Data for the task START

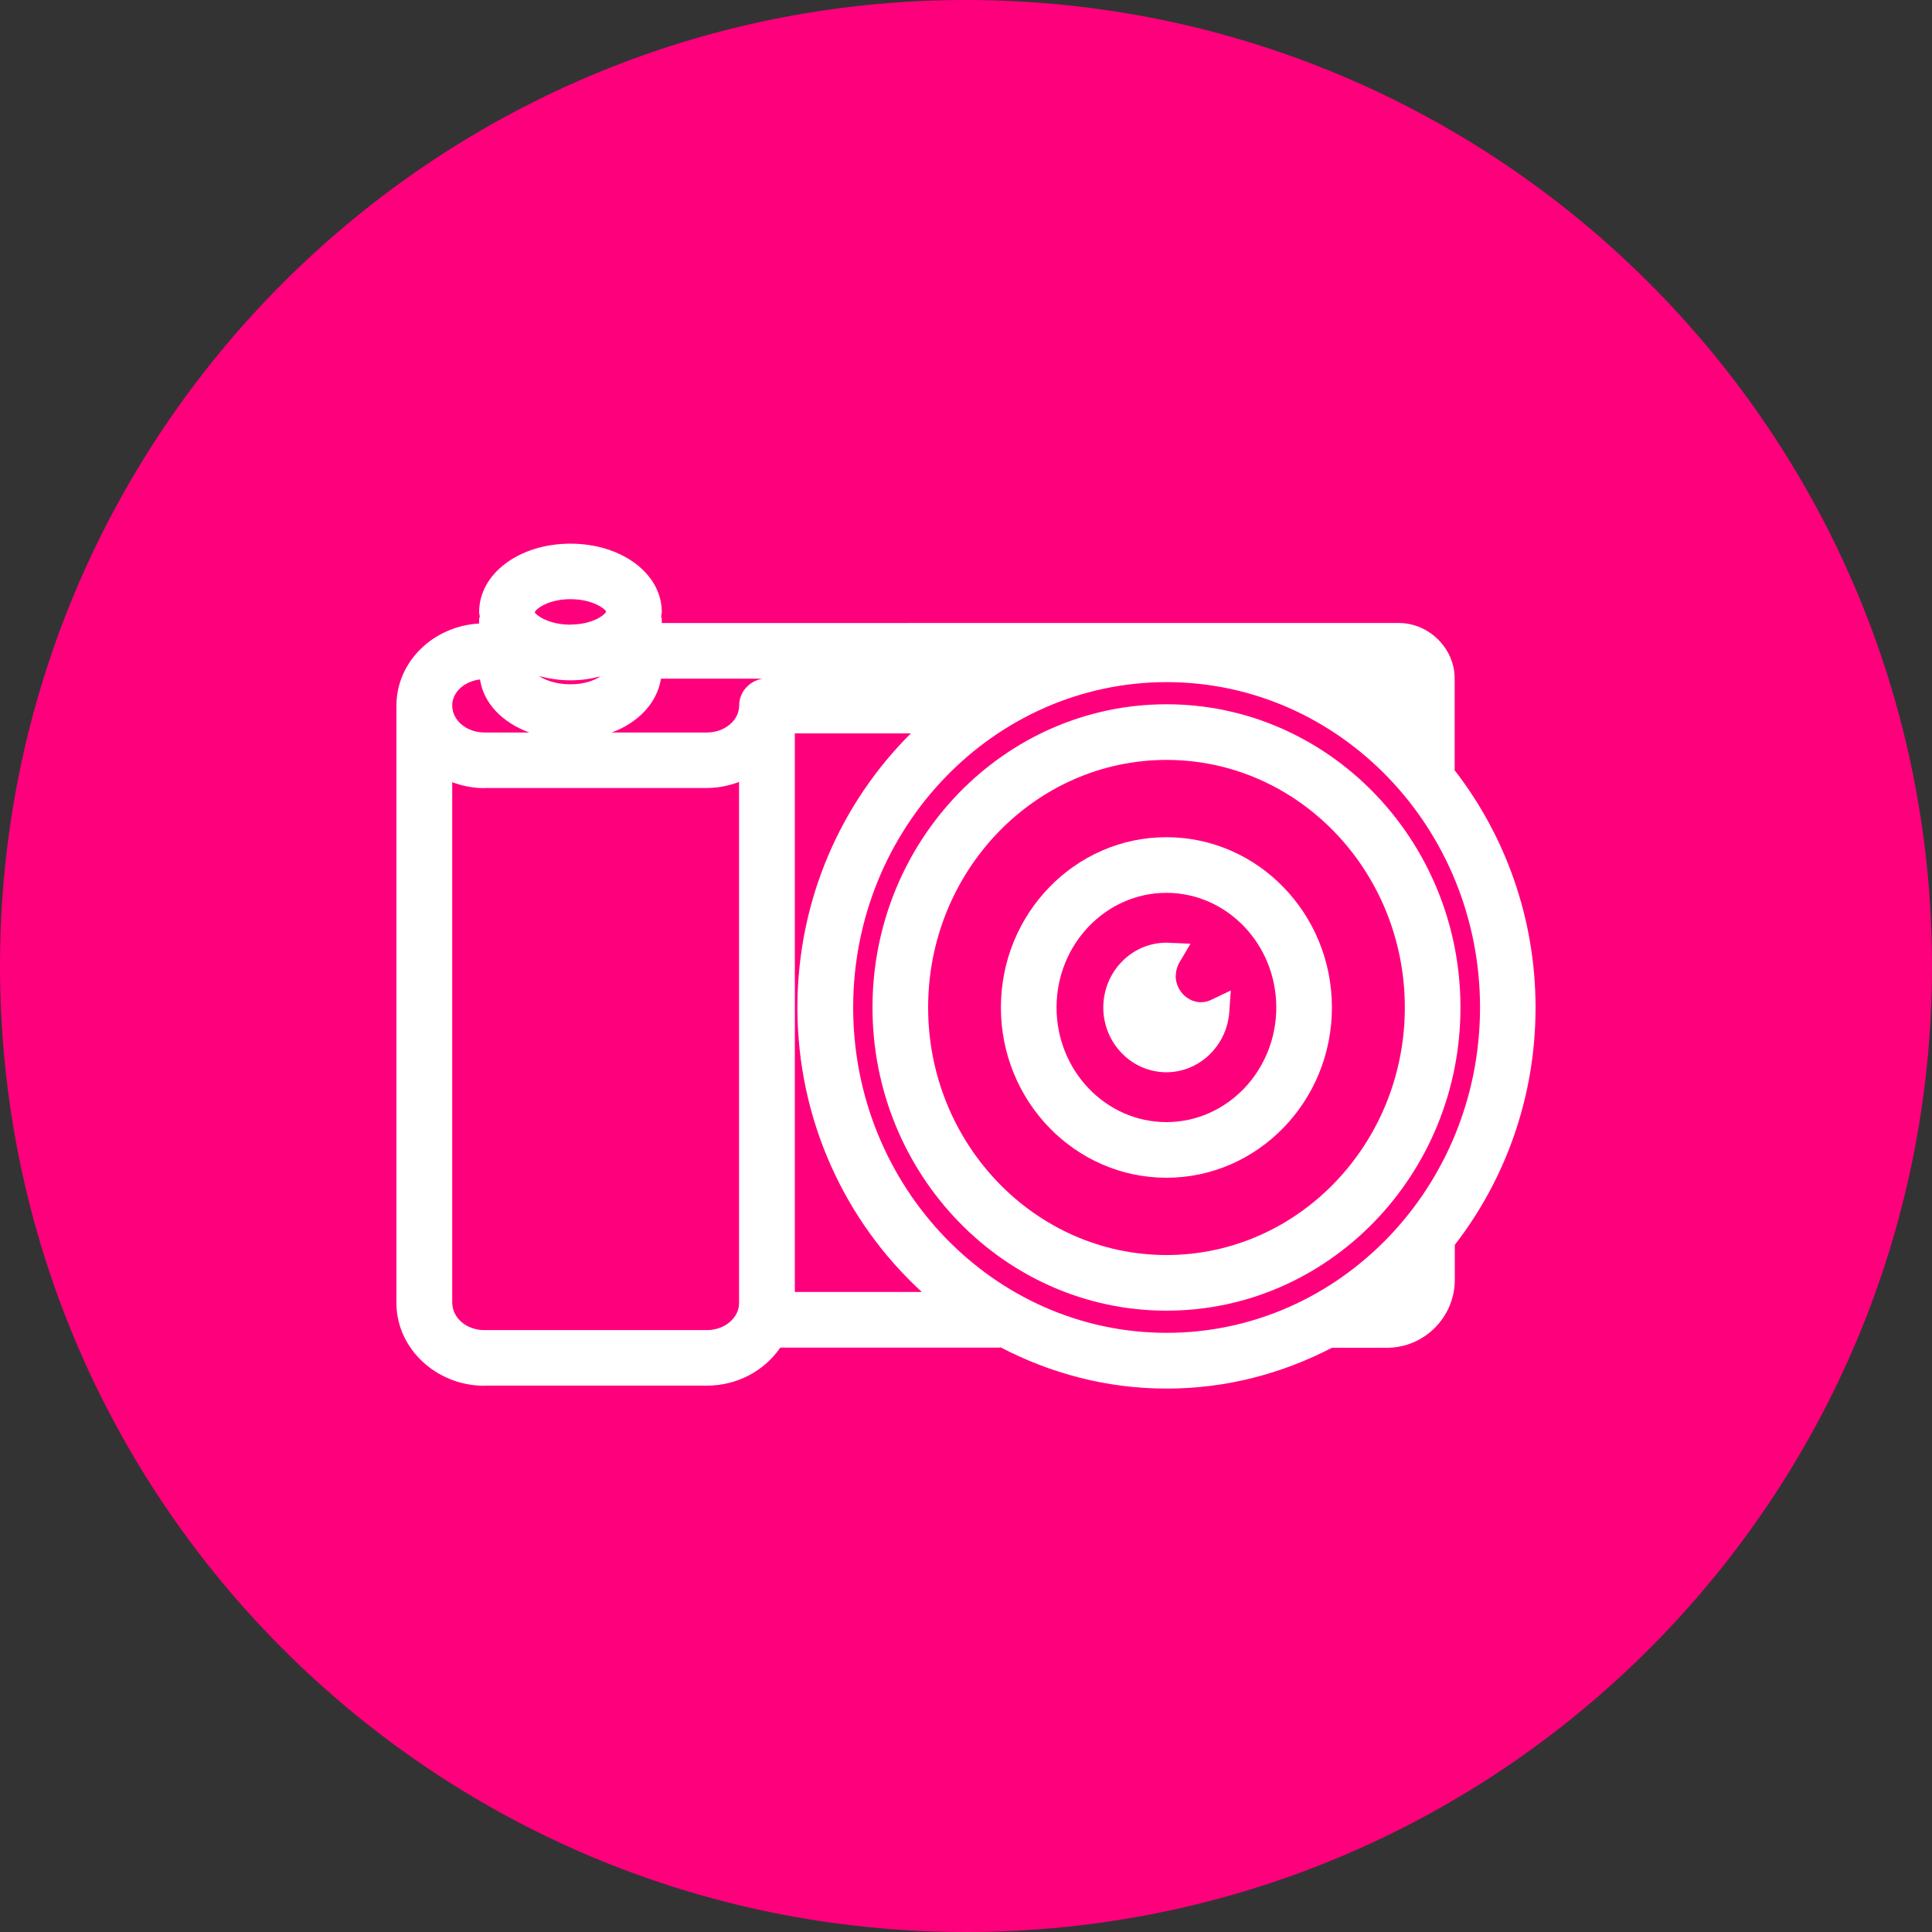 <?xml version="1.0" encoding="UTF-8"?>
<svg xmlns="http://www.w3.org/2000/svg" id="Capa_2" viewBox="0 0 150 150">
  <rect x="0" y="0" width="150" height="150" fill="#333333" stroke="none"/>
  <defs>
    <style>.cls-1{fill:#fff;}.cls-2{fill:#ff007c;}</style>
  </defs>
  <path class="cls-2" d="M150,75c0,41.42-33.58,75-75,75S0,116.42,0,75,33.58,0,75,0s75,33.58,75,75"></path>
  <path class="cls-1" d="M37.61,107.58h17.27c2.38,0,4.48-1.17,5.7-2.95h17.02s.06-.02,.09-.02c3.88,2.02,8.24,3.2,12.88,3.2s8.97-1.16,12.84-3.17h4.27c2.9,0,5.27-2.37,5.27-5.28v-2.71c3.92-5.06,6.27-11.46,6.27-18.42s-2.37-13.39-6.3-18.45c0-.04,.02-.06,.02-.1v-6.89s-.01-.03-.01-.04c0-.02,.01-.05,.01-.07,0-2.34-1.99-4.31-4.34-4.31H51.38v-.29c0-.08-.04-.14-.05-.22,.01-.12,.05-.22,.05-.34,0-2.98-3.11-5.31-7.09-5.31s-7.09,2.33-7.09,5.31c0,.12,.04,.22,.05,.34-.01,.08-.05,.15-.05,.22v.33c-3.57,.2-6.42,2.97-6.42,6.37v46.51c.07,3.47,3.13,6.3,6.83,6.3m-.34-54.84c.27,1.85,1.73,3.35,3.82,4.12h-3.48c-1.38,0-2.5-.94-2.5-2.09,0-1.05,.95-1.89,2.17-2.03m21.93-.06c-1.02,.17-1.82,1.02-1.82,2.09,0,1.15-1.13,2.09-2.5,2.09h-7.39c2.06-.77,3.51-2.28,3.82-4.18h7.9Zm31.37,50.79c-13.42,0-24.34-11.33-24.34-25.26s10.92-25.26,24.34-25.26,24.33,11.33,24.33,25.26-10.91,25.26-24.33,25.26M44.29,53.13c-1.21,0-2.02-.37-2.44-.64,.76,.2,1.58,.33,2.44,.33s1.61-.12,2.34-.31c-.44,.29-1.21,.62-2.34,.62m17.41,3.81h9.02c-5.42,5.39-8.81,12.93-8.81,21.29,0,8.78,3.75,16.66,9.66,22.08h-9.86V56.94Zm-17.41-8.44c-1.74,0-2.7-.77-2.77-.96,.07-.25,1.03-1.02,2.77-1.02s2.71,.77,2.77,.96c-.07,.24-1.03,1.01-2.77,1.01m-6.68,12.69h17.27c.88,0,1.72-.18,2.5-.47v40.47c0,1.15-1.13,2.09-2.5,2.09h-17.27c-1.38,0-2.5-.93-2.5-2.15V60.73c.78,.29,1.62,.46,2.5,.46"></path>
  <path class="cls-1" d="M90.57,54.68c-12.59,0-22.83,10.56-22.83,23.54s10.24,23.54,22.83,23.54,22.82-10.56,22.82-23.54-10.24-23.54-22.82-23.54m18.5,23.54c0,10.6-8.3,19.22-18.5,19.22s-18.51-8.62-18.51-19.22,8.3-19.22,18.51-19.22,18.5,8.62,18.5,19.22"></path>
  <path class="cls-1" d="M90.56,65c-7.09,0-12.85,5.93-12.85,13.22s5.76,13.22,12.85,13.22,12.85-5.93,12.85-13.22-5.76-13.22-12.85-13.22m0,22.12c-4.7,0-8.53-3.99-8.53-8.9s3.83-8.9,8.53-8.9,8.53,3.99,8.53,8.9-3.83,8.9-8.53,8.9"></path>
  <path class="cls-1" d="M91.29,75.77c0-.38,.1-.74,.3-1.08l.84-1.42-1.87-.08c-2.7,0-4.9,2.26-4.9,5.03s2.2,5.03,4.9,5.03c2.55,0,4.69-2.05,4.88-4.66l.12-1.69-1.53,.73c-1.31,.63-2.75-.45-2.75-1.86"></path>
</svg>

Data for the task END

* Assignment
Everything in the listing above except the pictures should be duplicated exactly.

* Response
 <?xml version="1.0" encoding="UTF-8"?>
<svg xmlns="http://www.w3.org/2000/svg" id="Capa_2" viewBox="0 0 150 150">
  <rect x="0" y="0" width="150" height="150" fill="#333333" stroke="none"/>
  <defs>
    <style>.cls-1{fill:#fff;}.cls-2{fill:#ff007c;}</style>
  </defs>
  <path class="cls-2" d="M150,75c0,41.42-33.58,75-75,75S0,116.42,0,75,33.58,0,75,0s75,33.58,75,75"></path>
  <path class="cls-1" d="M37.61,107.58h17.27c2.38,0,4.48-1.17,5.7-2.95h17.02s.06-.02,.09-.02c3.88,2.02,8.24,3.2,12.88,3.2s8.97-1.16,12.84-3.17h4.27c2.9,0,5.27-2.37,5.27-5.28v-2.71c3.92-5.06,6.27-11.46,6.27-18.42s-2.37-13.39-6.3-18.45c0-.04,.02-.06,.02-.1v-6.89s-.01-.03-.01-.04c0-.02,.01-.05,.01-.07,0-2.34-1.99-4.31-4.34-4.31H51.38v-.29c0-.08-.04-.14-.05-.22,.01-.12,.05-.22,.05-.34,0-2.98-3.11-5.31-7.09-5.31s-7.09,2.33-7.09,5.31c0,.12,.04,.22,.05,.34-.01,.08-.05,.15-.05,.22v.33c-3.57,.2-6.42,2.97-6.42,6.37v46.51c.07,3.47,3.13,6.3,6.83,6.3m-.34-54.84c.27,1.85,1.73,3.35,3.82,4.12h-3.48c-1.38,0-2.5-.94-2.5-2.09,0-1.05,.95-1.89,2.17-2.03m21.93-.06c-1.02,.17-1.82,1.02-1.82,2.09,0,1.15-1.13,2.09-2.5,2.09h-7.39c2.06-.77,3.51-2.28,3.82-4.18h7.9Zm31.37,50.79c-13.42,0-24.34-11.33-24.34-25.26s10.92-25.26,24.34-25.26,24.33,11.33,24.33,25.26-10.91,25.26-24.33,25.26M44.29,53.13c-1.21,0-2.02-.37-2.44-.64,.76,.2,1.58,.33,2.44,.33s1.61-.12,2.34-.31c-.44,.29-1.21,.62-2.34,.62m17.41,3.81h9.02c-5.42,5.39-8.81,12.93-8.81,21.29,0,8.78,3.75,16.66,9.66,22.08h-9.86V56.94Zm-17.41-8.44c-1.74,0-2.7-.77-2.77-.96,.07-.25,1.03-1.02,2.77-1.02s2.71,.77,2.77,.96c-.07,.24-1.03,1.01-2.77,1.01m-6.68,12.69h17.27c.88,0,1.72-.18,2.5-.47v40.47c0,1.15-1.13,2.09-2.5,2.09h-17.27c-1.38,0-2.5-.93-2.5-2.15V60.73c.78,.29,1.62,.46,2.5,.46"></path>
  <path class="cls-1" d="M90.57,54.68c-12.59,0-22.83,10.56-22.83,23.54s10.24,23.54,22.83,23.54,22.82-10.56,22.82-23.54-10.24-23.54-22.82-23.54m18.5,23.54c0,10.6-8.3,19.22-18.5,19.22s-18.51-8.62-18.51-19.22,8.3-19.22,18.51-19.22,18.5,8.62,18.5,19.22"></path>
  <path class="cls-1" d="M90.56,65c-7.09,0-12.85,5.93-12.85,13.22s5.76,13.22,12.85,13.22,12.85-5.93,12.85-13.22-5.76-13.22-12.85-13.22m0,22.12c-4.7,0-8.53-3.99-8.53-8.9s3.83-8.9,8.53-8.9,8.53,3.99,8.53,8.9-3.83,8.9-8.53,8.9"></path>
  <path class="cls-1" d="M91.29,75.77c0-.38,.1-.74,.3-1.08l.84-1.42-1.87-.08c-2.7,0-4.9,2.26-4.9,5.03s2.2,5.03,4.9,5.03c2.55,0,4.69-2.05,4.88-4.66l.12-1.69-1.53,.73c-1.31,.63-2.75-.45-2.75-1.86"></path>
</svg>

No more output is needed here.